Beliau adalah senior saya di HMI (Senior banget malah, saya baru lahir beliau sudah masuk HMI) yang memang dikenal banyak membahas tentang filsafat dan sebagainya, beliau pernah membuat sebuah buku berjudul “Mengutuk tuhan Yang Terkutuk” yang sampai sekarang saya masih mencari buku itu karena dari judulnya saja sudah bikin penasaran. Sedikit yang saya dengar dari teologi jomblo yang dibawakan semalam adalah tentang Ulama-ulama yang menjomblo sampai akhir hidupnya karena mereka lebih memilih berkarya. Menjadi jomblo tidak harus meratapi diri, tapi juga harus berkarya! #JombloBerkarya

Festival jomblo gorontalo 01
Orasi Kebudayaan Jomblo “A I U E O Jomblo Gorontalo” oleh Syam Terrajana (pic by: Ivol Paino)

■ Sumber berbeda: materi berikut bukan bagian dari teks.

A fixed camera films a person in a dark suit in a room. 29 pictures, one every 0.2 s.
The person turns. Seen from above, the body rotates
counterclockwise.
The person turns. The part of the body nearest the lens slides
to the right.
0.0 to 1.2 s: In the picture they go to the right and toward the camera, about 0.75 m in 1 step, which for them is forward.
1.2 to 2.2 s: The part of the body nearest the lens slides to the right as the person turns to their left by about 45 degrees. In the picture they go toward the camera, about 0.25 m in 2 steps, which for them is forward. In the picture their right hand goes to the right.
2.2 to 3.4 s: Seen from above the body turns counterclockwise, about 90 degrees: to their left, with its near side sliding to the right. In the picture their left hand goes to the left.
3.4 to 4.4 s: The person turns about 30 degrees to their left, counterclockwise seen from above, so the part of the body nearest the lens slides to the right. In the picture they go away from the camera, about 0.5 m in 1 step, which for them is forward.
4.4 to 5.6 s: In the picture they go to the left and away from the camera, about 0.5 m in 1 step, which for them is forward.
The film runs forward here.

Beliau adalah seorang jurnalis Jakarta Post dan Chief Editor di DeGorontalo.co. Sedikit juga yang saya dengar dari orasi ini adalah beliau membicarakan tentang seorang tokoh bangsa Tan Malaka yang ternyata adalah seorang jomblo hingga akhir hayatnya dan bahkan dalam hidupnya Tan Malaka hanya 3 kali jatuh cinta. Kalo Tan Malaka wajar lah ya, beliau adalah Jomblo yang berkarya. lah kamu? 😀

Malam semakin larut, Mutia dan temannya yang cewek pamit pulang dan personil kami menjadi 2 orang lagi, saya dan Eka.

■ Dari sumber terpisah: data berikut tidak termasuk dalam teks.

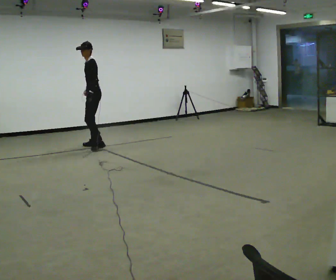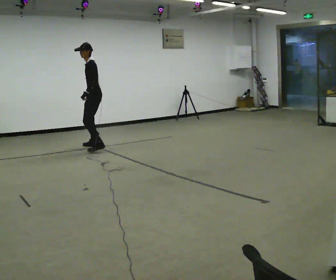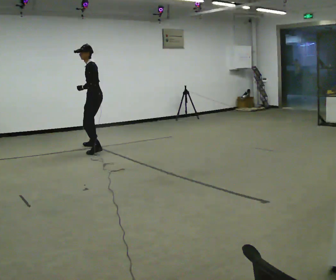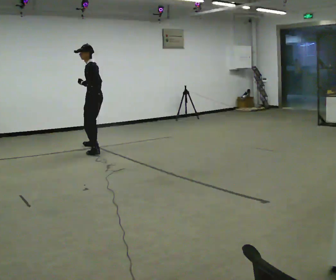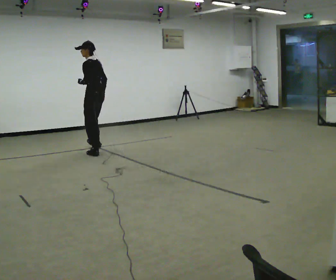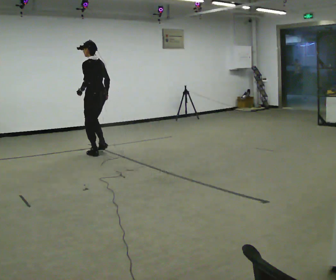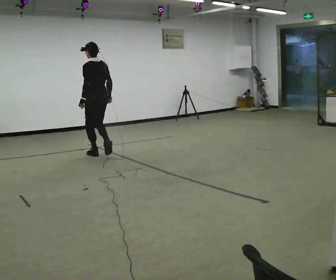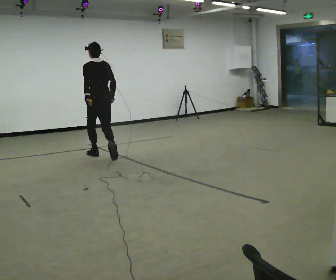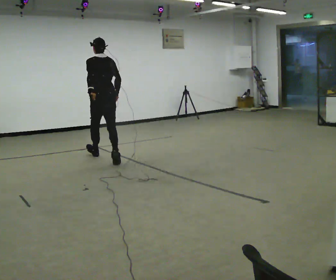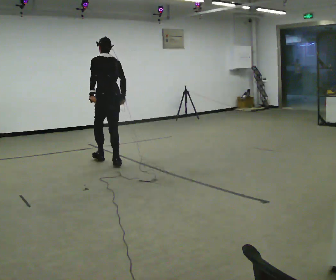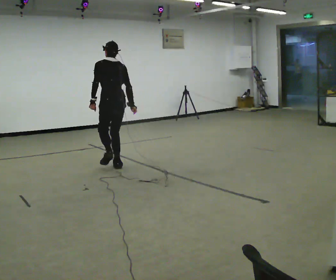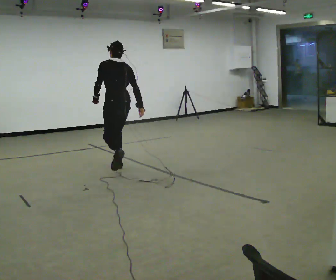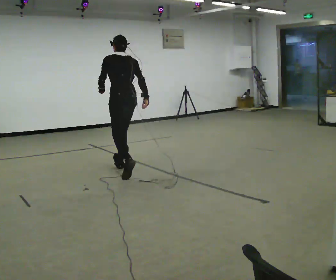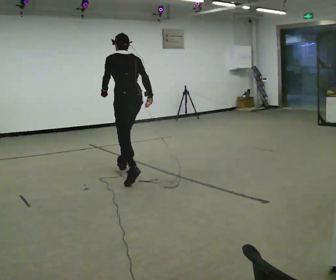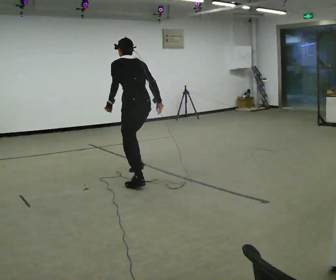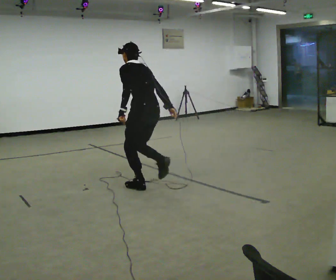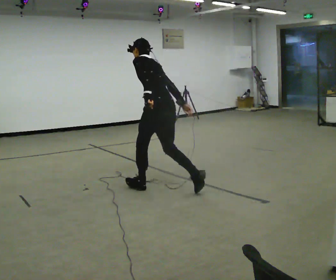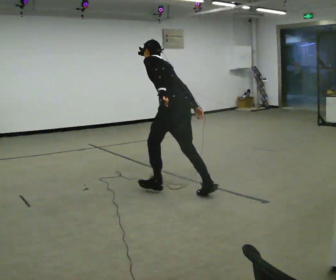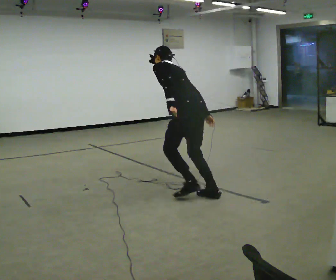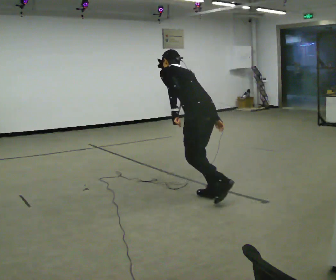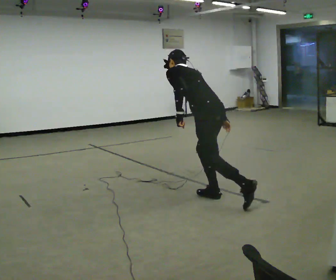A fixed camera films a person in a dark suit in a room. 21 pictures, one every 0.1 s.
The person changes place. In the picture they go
toward the camera.
The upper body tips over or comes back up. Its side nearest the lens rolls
upward.
0.0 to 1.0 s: The part of the body nearest the lens slides to the left as the person turns to their right by about 90 degrees. In the picture they go toward the camera, about 1.5 m in 2 steps. The upper body tips away from the camera, its near side rolling upward.
1.0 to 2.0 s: In the picture they go toward the camera and to the right, about 1.5 m in 2 steps, which for them is backward. The upper body tips away from the camera, its near side rolling upward, as they bend forward.
The film runs backward here.

Tapi kemeriahan belum berakhir, jombloers terus berdatangan…. Pisang goreng gratis belum terlihat. 😦

Festival Jomblo tadi malam ditutup dengan penampilan dari KOPDAR (Komunitas Pelawak Daerah) Gorontalo yang rata-rata ternyata anak muda. Para jombloers dikocok perutnya karena Puisi berantai, Accoustic, stand Up Comedy hingga pukul setengah 11 malam, beberapa jombloers ada yang tertawa sampai mengeluarkan air mata, diduga karena kecewa sampai akhir pelaksanaan festival jomblo dia tidak mendapatkan pasangan hidupnya, Datang Jomblo, pulang pun dalam keadaan jomblo. Gak dapat pisang goreng pulak. miris.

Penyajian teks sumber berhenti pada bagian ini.